_Extracted information_.
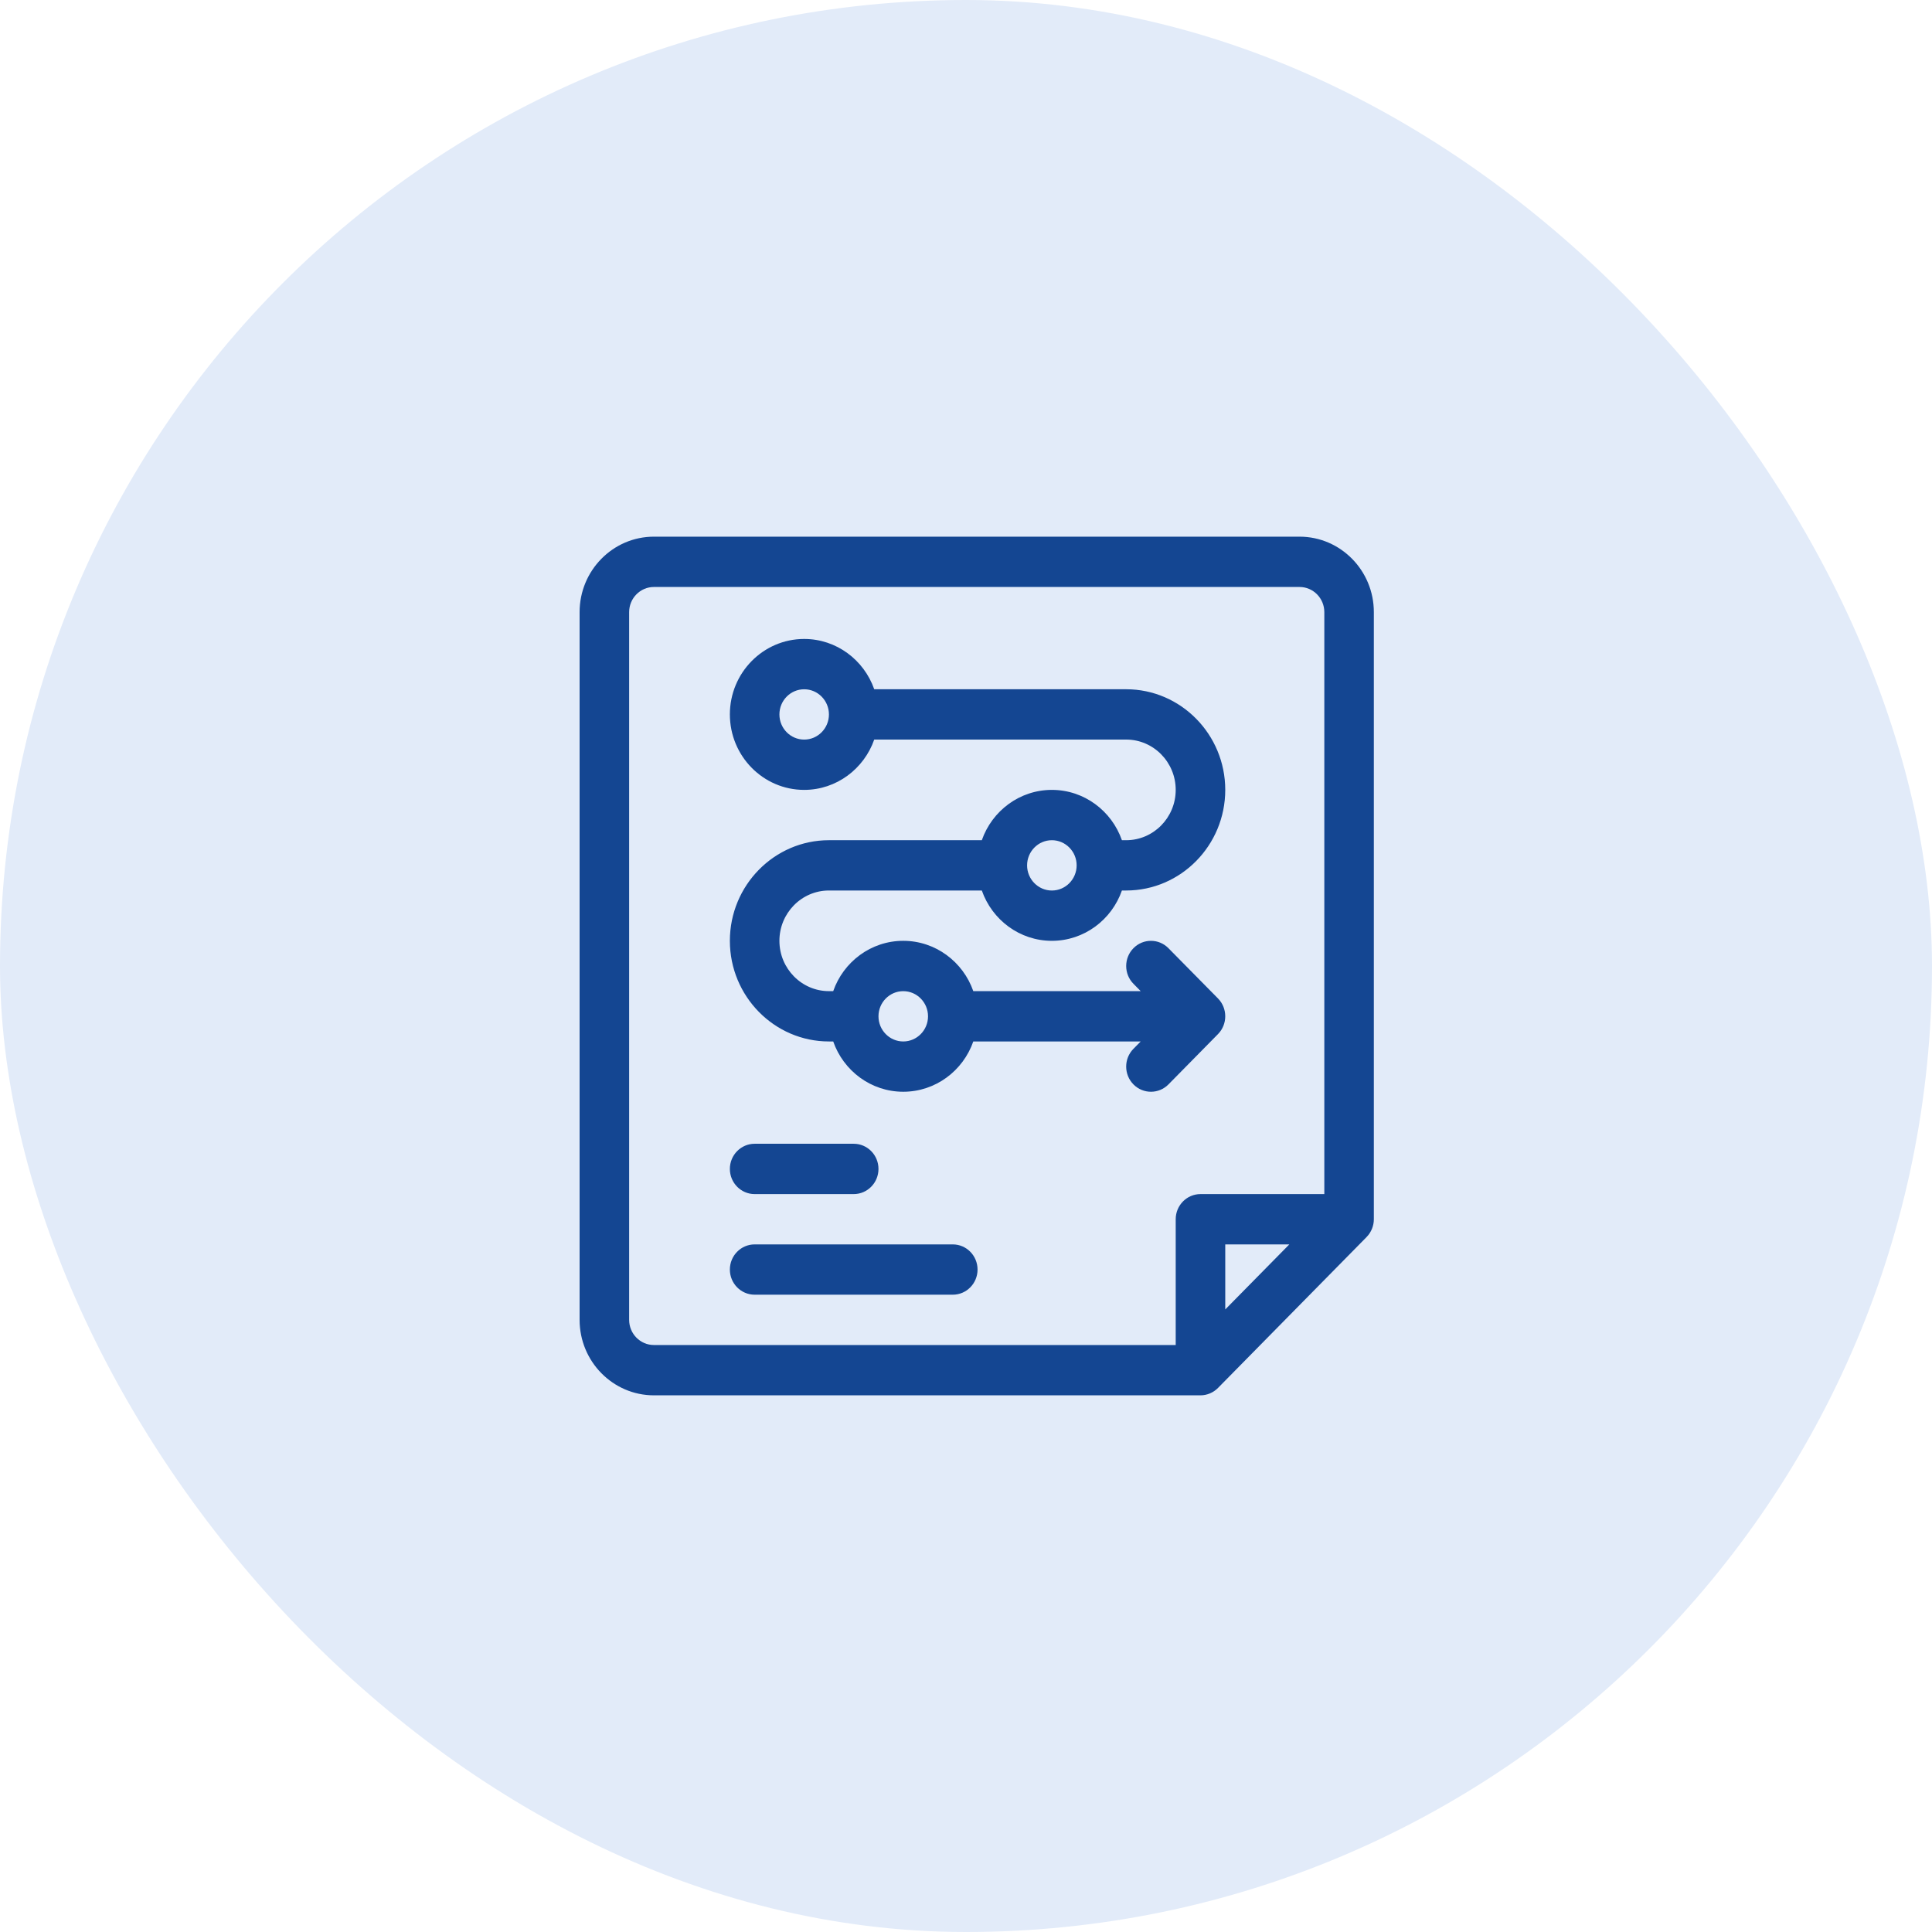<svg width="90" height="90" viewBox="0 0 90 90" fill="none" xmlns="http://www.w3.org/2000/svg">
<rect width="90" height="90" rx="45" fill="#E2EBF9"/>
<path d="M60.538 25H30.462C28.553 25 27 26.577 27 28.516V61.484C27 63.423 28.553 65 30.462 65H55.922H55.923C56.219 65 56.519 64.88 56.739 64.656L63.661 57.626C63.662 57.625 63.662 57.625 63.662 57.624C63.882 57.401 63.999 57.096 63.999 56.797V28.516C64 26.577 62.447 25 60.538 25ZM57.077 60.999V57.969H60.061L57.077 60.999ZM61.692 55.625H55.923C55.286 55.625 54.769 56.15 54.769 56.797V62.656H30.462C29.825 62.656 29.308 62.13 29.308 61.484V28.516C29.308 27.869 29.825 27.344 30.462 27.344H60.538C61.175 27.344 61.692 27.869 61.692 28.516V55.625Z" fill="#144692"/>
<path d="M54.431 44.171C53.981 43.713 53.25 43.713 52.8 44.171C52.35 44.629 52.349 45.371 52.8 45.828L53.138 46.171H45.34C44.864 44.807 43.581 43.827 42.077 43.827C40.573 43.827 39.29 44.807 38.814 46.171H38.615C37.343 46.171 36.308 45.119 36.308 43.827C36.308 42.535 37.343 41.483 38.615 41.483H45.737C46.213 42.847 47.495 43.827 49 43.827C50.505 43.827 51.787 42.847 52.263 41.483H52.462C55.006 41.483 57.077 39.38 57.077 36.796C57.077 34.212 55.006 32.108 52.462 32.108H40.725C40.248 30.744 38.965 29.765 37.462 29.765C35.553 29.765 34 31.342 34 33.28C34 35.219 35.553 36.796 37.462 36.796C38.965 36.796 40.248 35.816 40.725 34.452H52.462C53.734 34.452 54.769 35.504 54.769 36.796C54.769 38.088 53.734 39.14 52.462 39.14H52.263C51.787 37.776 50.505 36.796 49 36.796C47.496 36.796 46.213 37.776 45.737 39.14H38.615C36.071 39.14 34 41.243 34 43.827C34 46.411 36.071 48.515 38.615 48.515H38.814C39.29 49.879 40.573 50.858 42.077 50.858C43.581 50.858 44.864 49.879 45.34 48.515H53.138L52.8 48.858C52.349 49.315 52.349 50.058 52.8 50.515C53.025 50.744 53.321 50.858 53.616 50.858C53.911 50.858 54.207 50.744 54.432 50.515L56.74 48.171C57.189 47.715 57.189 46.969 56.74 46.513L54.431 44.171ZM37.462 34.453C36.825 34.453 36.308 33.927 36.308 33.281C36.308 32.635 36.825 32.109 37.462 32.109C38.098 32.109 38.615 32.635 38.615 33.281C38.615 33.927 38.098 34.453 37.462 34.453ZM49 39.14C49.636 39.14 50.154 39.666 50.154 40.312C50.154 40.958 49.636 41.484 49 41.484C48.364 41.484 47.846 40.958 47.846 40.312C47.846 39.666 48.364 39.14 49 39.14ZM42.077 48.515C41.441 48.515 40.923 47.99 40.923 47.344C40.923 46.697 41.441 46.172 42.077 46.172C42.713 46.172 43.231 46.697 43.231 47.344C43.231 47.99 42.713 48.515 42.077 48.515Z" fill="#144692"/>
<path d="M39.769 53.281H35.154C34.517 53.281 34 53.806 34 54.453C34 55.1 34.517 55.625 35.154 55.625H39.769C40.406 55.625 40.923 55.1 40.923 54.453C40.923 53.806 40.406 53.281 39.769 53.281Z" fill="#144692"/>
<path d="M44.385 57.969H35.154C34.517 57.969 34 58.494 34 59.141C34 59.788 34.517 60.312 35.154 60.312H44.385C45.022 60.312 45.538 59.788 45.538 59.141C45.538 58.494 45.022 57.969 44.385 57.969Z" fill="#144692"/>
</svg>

_Task description_.
With the pictures omitted, give every line above again exactly.

_Answer area_.
<svg width="90" height="90" viewBox="0 0 90 90" fill="none" xmlns="http://www.w3.org/2000/svg">
<rect width="90" height="90" rx="45" fill="#E2EBF9"/>
<path d="M60.538 25H30.462C28.553 25 27 26.577 27 28.516V61.484C27 63.423 28.553 65 30.462 65H55.922H55.923C56.219 65 56.519 64.88 56.739 64.656L63.661 57.626C63.662 57.625 63.662 57.625 63.662 57.624C63.882 57.401 63.999 57.096 63.999 56.797V28.516C64 26.577 62.447 25 60.538 25ZM57.077 60.999V57.969H60.061L57.077 60.999ZM61.692 55.625H55.923C55.286 55.625 54.769 56.15 54.769 56.797V62.656H30.462C29.825 62.656 29.308 62.13 29.308 61.484V28.516C29.308 27.869 29.825 27.344 30.462 27.344H60.538C61.175 27.344 61.692 27.869 61.692 28.516V55.625Z" fill="#144692"/>
<path d="M54.431 44.171C53.981 43.713 53.25 43.713 52.8 44.171C52.35 44.629 52.349 45.371 52.8 45.828L53.138 46.171H45.34C44.864 44.807 43.581 43.827 42.077 43.827C40.573 43.827 39.29 44.807 38.814 46.171H38.615C37.343 46.171 36.308 45.119 36.308 43.827C36.308 42.535 37.343 41.483 38.615 41.483H45.737C46.213 42.847 47.495 43.827 49 43.827C50.505 43.827 51.787 42.847 52.263 41.483H52.462C55.006 41.483 57.077 39.38 57.077 36.796C57.077 34.212 55.006 32.108 52.462 32.108H40.725C40.248 30.744 38.965 29.765 37.462 29.765C35.553 29.765 34 31.342 34 33.28C34 35.219 35.553 36.796 37.462 36.796C38.965 36.796 40.248 35.816 40.725 34.452H52.462C53.734 34.452 54.769 35.504 54.769 36.796C54.769 38.088 53.734 39.14 52.462 39.14H52.263C51.787 37.776 50.505 36.796 49 36.796C47.496 36.796 46.213 37.776 45.737 39.14H38.615C36.071 39.14 34 41.243 34 43.827C34 46.411 36.071 48.515 38.615 48.515H38.814C39.29 49.879 40.573 50.858 42.077 50.858C43.581 50.858 44.864 49.879 45.34 48.515H53.138L52.8 48.858C52.349 49.315 52.349 50.058 52.8 50.515C53.025 50.744 53.321 50.858 53.616 50.858C53.911 50.858 54.207 50.744 54.432 50.515L56.74 48.171C57.189 47.715 57.189 46.969 56.74 46.513L54.431 44.171ZM37.462 34.453C36.825 34.453 36.308 33.927 36.308 33.281C36.308 32.635 36.825 32.109 37.462 32.109C38.098 32.109 38.615 32.635 38.615 33.281C38.615 33.927 38.098 34.453 37.462 34.453ZM49 39.14C49.636 39.14 50.154 39.666 50.154 40.312C50.154 40.958 49.636 41.484 49 41.484C48.364 41.484 47.846 40.958 47.846 40.312C47.846 39.666 48.364 39.14 49 39.14ZM42.077 48.515C41.441 48.515 40.923 47.99 40.923 47.344C40.923 46.697 41.441 46.172 42.077 46.172C42.713 46.172 43.231 46.697 43.231 47.344C43.231 47.99 42.713 48.515 42.077 48.515Z" fill="#144692"/>
<path d="M39.769 53.281H35.154C34.517 53.281 34 53.806 34 54.453C34 55.1 34.517 55.625 35.154 55.625H39.769C40.406 55.625 40.923 55.1 40.923 54.453C40.923 53.806 40.406 53.281 39.769 53.281Z" fill="#144692"/>
<path d="M44.385 57.969H35.154C34.517 57.969 34 58.494 34 59.141C34 59.788 34.517 60.312 35.154 60.312H44.385C45.022 60.312 45.538 59.788 45.538 59.141C45.538 58.494 45.022 57.969 44.385 57.969Z" fill="#144692"/>
</svg>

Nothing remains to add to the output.